I think it's important to be a role model for people that work for you. Challenge people but also coach. Give them enough empowerment to make mistakes but also to make successes. The bigger the company grows, the less easy it becomes to control everything. In the end, you need a lot of people, good people to make decisions.

My door is always open. Once a year, I have a meeting with the employees that are most important for the company. It was about 200 people last year, including store managers.

Their responsibility in their stores is to be ambassadors of the company's policy. But we also support them and give them the tools to do that.

There's also a narrower circle of about 65 people that includes division managers. We get together every month to discuss what's new, what's happening, what happened and what is important at that moment.

When interviewing potential recruits, within 15 minutes I normally know whether a person will be hired or not. It's enough to get a feeling for whether someone is authentic and genuine and fits in our team and culture. But an interview takes about an hour. Of course, mistakes are made. People sometimes sell themselves as being better than they really are.
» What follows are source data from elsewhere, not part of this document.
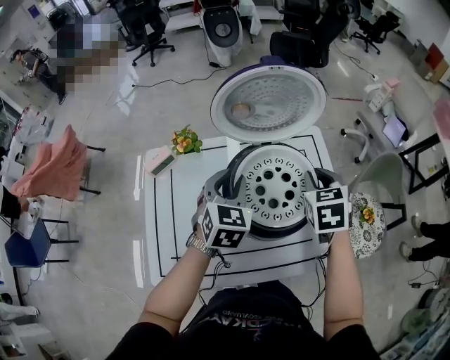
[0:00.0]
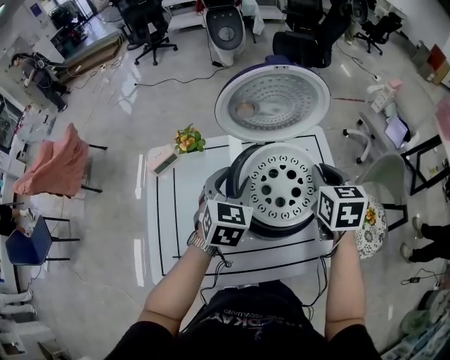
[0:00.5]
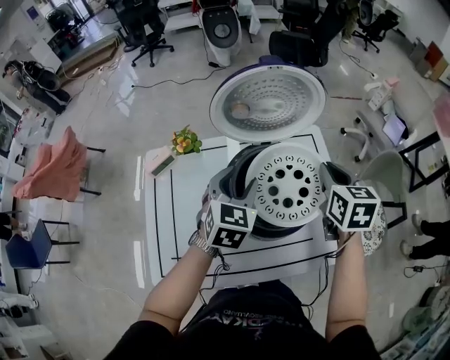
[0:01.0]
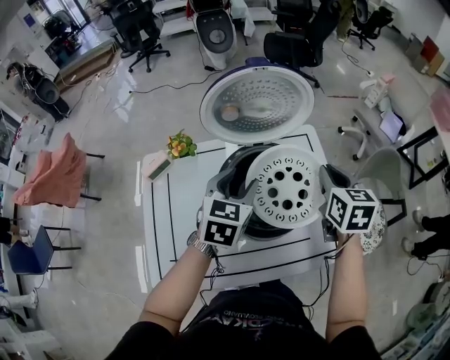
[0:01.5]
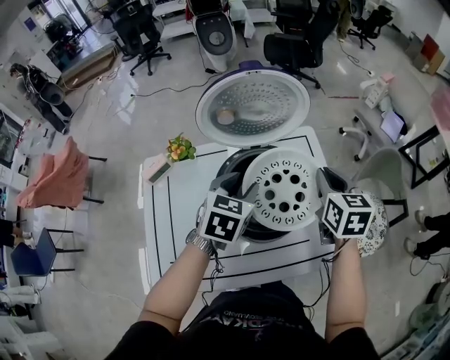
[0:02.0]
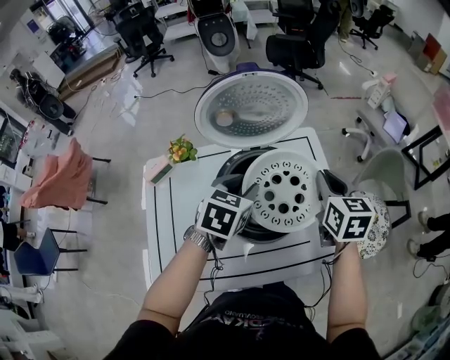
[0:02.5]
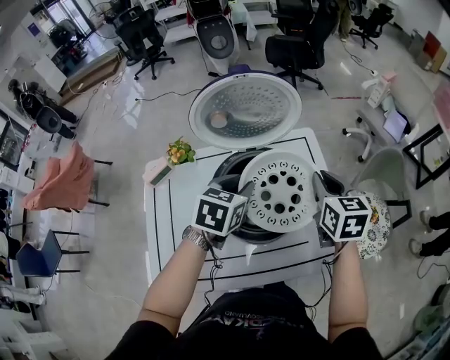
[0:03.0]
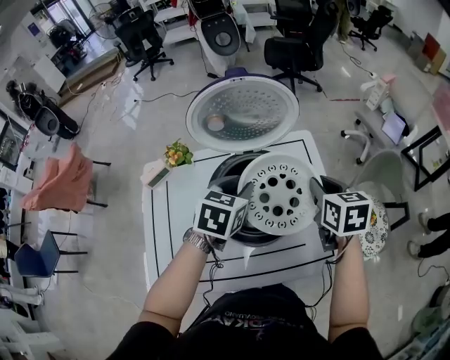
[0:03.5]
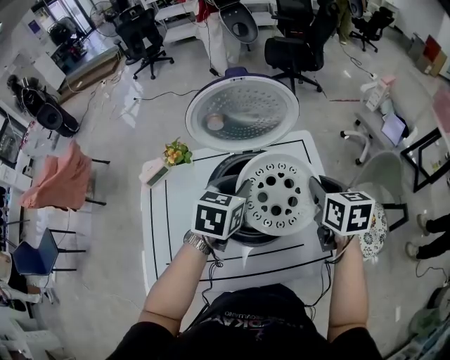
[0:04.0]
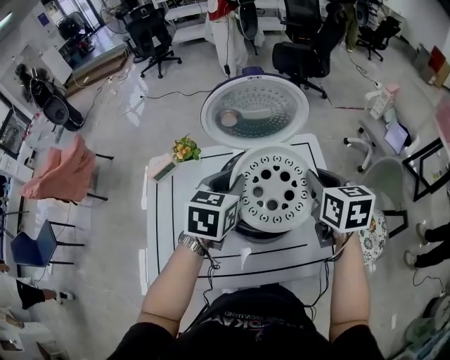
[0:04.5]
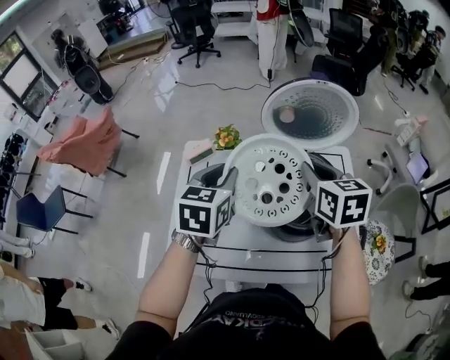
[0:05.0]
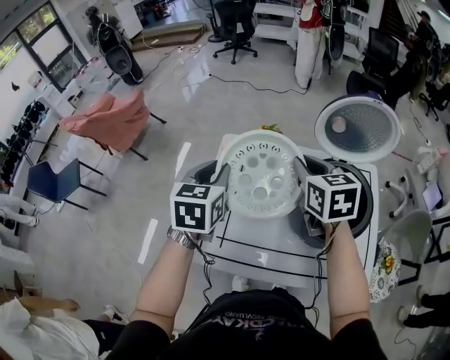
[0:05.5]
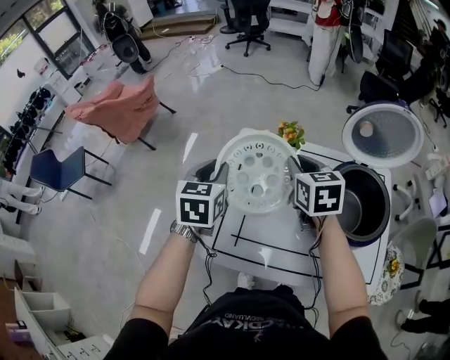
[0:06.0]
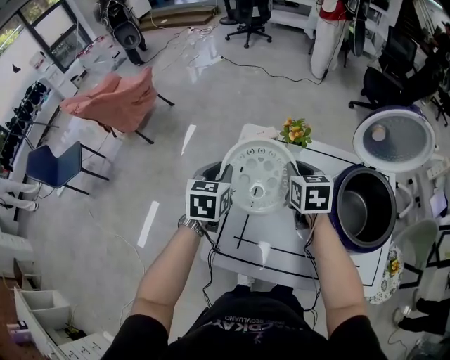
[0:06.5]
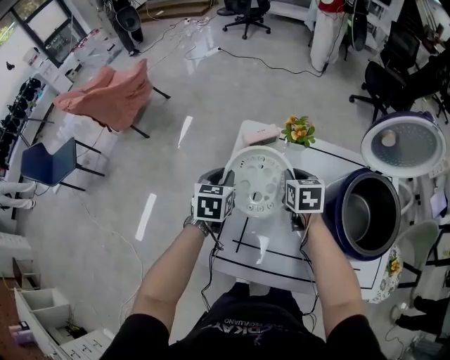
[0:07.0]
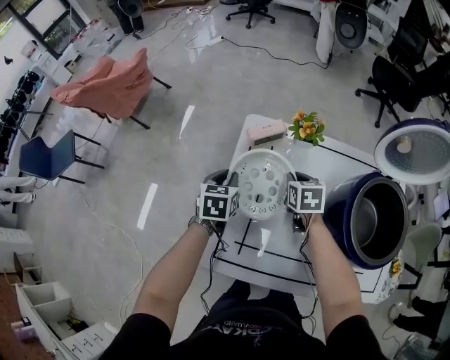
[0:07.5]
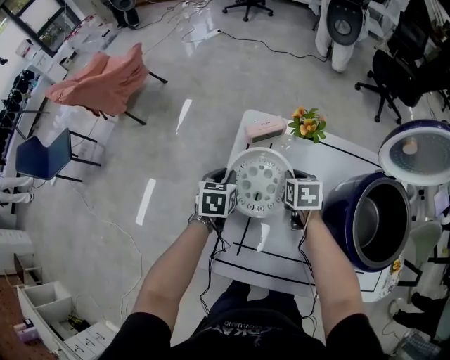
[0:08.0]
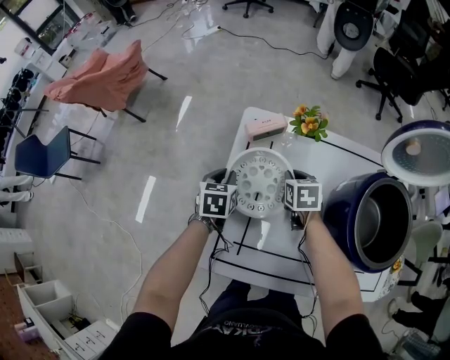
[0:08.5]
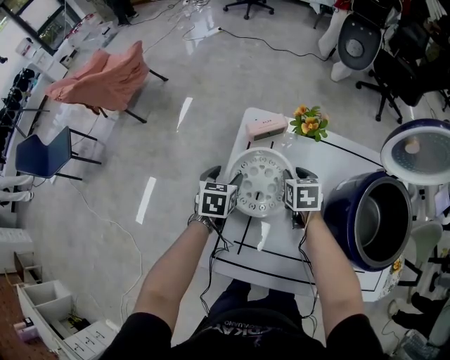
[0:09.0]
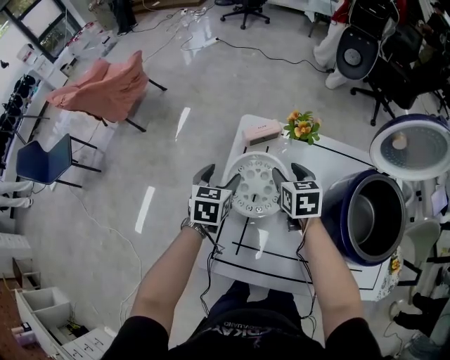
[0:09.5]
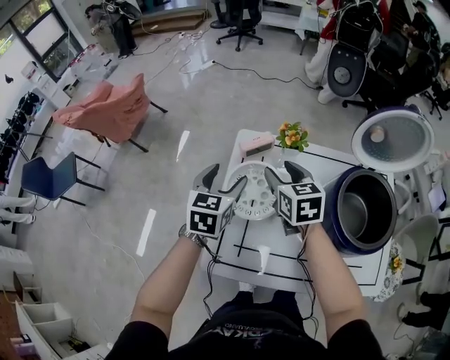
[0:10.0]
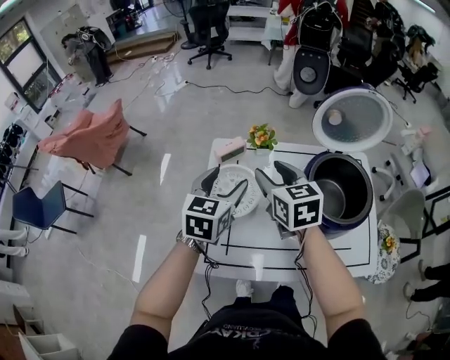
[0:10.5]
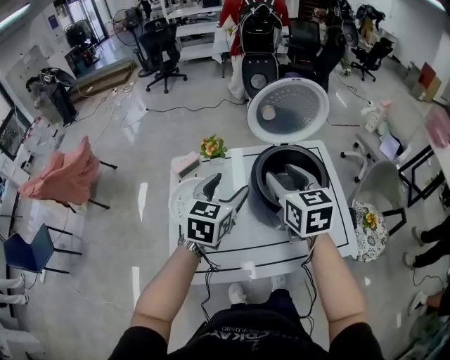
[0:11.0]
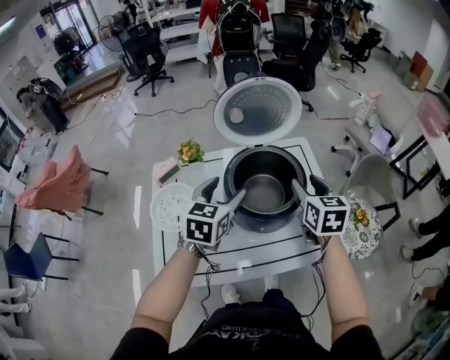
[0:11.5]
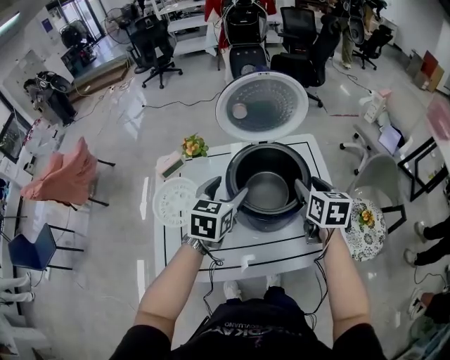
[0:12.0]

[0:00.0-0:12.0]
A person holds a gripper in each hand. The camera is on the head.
0.0 to 2.0 s: The right gripper shifts by some 5 cm, and rotates roughly 20 degrees.
2.0 to 4.0 s: The grippers move only a little.
4.0 to 6.0 s: The pair of grippers is taken about 40 cm. The left gripper rotates approximately 40 degrees. Meanwhile the right gripper rotates about 30 degrees.
6.0 to 8.0 s: The grippers both shift downward by roughly 25 cm. The right gripper rotates about 20 degrees.
8.0 to 10.0 s: Both grippers travel together upward, roughly 20 cm. The right gripper swivels approximately 20 degrees, and opens its fingers, while the left gripper changes its angle by approximately 20 degrees, and opens up.
10.0 to 12.0 s: The left gripper ends up roughly 35 cm from where it was, and changes its angle by about 20 degrees. Meanwhile the right gripper moves about 10 cm upward and comes back, and turns by about 30 degrees.

Q: What's the best way to adapt to the Russian reality?

A: I have worked in different countries, so that helps me. The first thing that you have to do is to feel like a guest in the country, be humble and not make judgments about what you see — try to listen first to people, before you start talking, and try to assimilate yourself into the country. Many people call a foreign country home because they act like they would act at home. It's the biggest mistake you can make.
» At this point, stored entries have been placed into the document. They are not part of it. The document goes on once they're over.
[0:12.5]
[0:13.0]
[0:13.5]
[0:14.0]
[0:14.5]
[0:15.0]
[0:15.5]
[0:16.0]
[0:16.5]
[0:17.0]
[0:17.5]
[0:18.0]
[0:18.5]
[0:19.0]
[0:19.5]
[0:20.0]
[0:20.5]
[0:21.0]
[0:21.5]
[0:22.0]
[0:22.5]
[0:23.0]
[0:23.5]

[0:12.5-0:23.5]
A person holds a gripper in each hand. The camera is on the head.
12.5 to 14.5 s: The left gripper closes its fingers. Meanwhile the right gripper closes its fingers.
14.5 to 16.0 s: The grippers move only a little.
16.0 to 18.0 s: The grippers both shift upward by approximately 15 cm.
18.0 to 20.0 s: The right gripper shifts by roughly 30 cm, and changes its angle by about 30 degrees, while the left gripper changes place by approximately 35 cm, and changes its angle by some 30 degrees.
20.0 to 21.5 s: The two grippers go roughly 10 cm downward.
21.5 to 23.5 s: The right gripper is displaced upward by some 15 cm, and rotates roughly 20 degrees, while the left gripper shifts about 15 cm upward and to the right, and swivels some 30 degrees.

I have assimilated here enough to do my work. I enjoy living in Moscow better than if I wouldn't have assimilated. When I go with my wife from Holland to Russia, I say, "Let's go home."

I live in a Russian neighborhood, not in a foreign neighborhood. My wife, a Pole, speaks Russian and therefore we can have contact with Russian neighbors, which is very nice because that way you can learn more about the people and the culture. That's different from living in a compound where you meet only international people.
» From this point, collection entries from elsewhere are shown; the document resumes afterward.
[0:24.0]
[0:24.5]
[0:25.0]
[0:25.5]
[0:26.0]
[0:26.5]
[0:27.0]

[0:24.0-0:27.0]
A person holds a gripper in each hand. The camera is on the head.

I lived five years in Poland and tried to learn the language, but I didn't succeed. I didn't even try to do it here. I would love to learn Russian, but it's not an easy language. It requires a lot of time, and I'm afraid I will not learn it to a perfect extent. I don't even speak Polish with my wife.

Q: Do you agree with people who say Russians don't smile a lot?

A: I have worked in most countries in Central Europe, and there people definitely do not smile much. The Russian people are much more open than in Central Europe.

I've worked in Thailand where everybody smiles. But what is that smile? They smile but that doesn't mean they are happy or friendly. Maybe they will kill you with a smile. It also happens. If you work internationally, accept the cultures as they are.

Q: Could you share stories about what helped you to become the person you are?

A: I went as a relatively young man, with almost no experience, to a completely different part of the world — Thailand — to work as an operations director. That shaped me a lot. I was 33 at time.

If you go from Europe to Russia, there's much more similarity. If you go to an Asian country, it's completely different. You lose any common ground under your feet. Everything is different. Like I said, everybody smiles even if they are not happy. You never know what people feel, what they think. But you are responsible for [your company's success in] a big country. You lose all your certainty, all your self-confidence that you have in your own culture.

I stayed there four years. Then I went to Belgium, which is also completely different from Holland, so it was again a challenge to work there.

Q: What do customers rely on you for in the winter?

A: Vodka, spirits and also windshield washer fluid.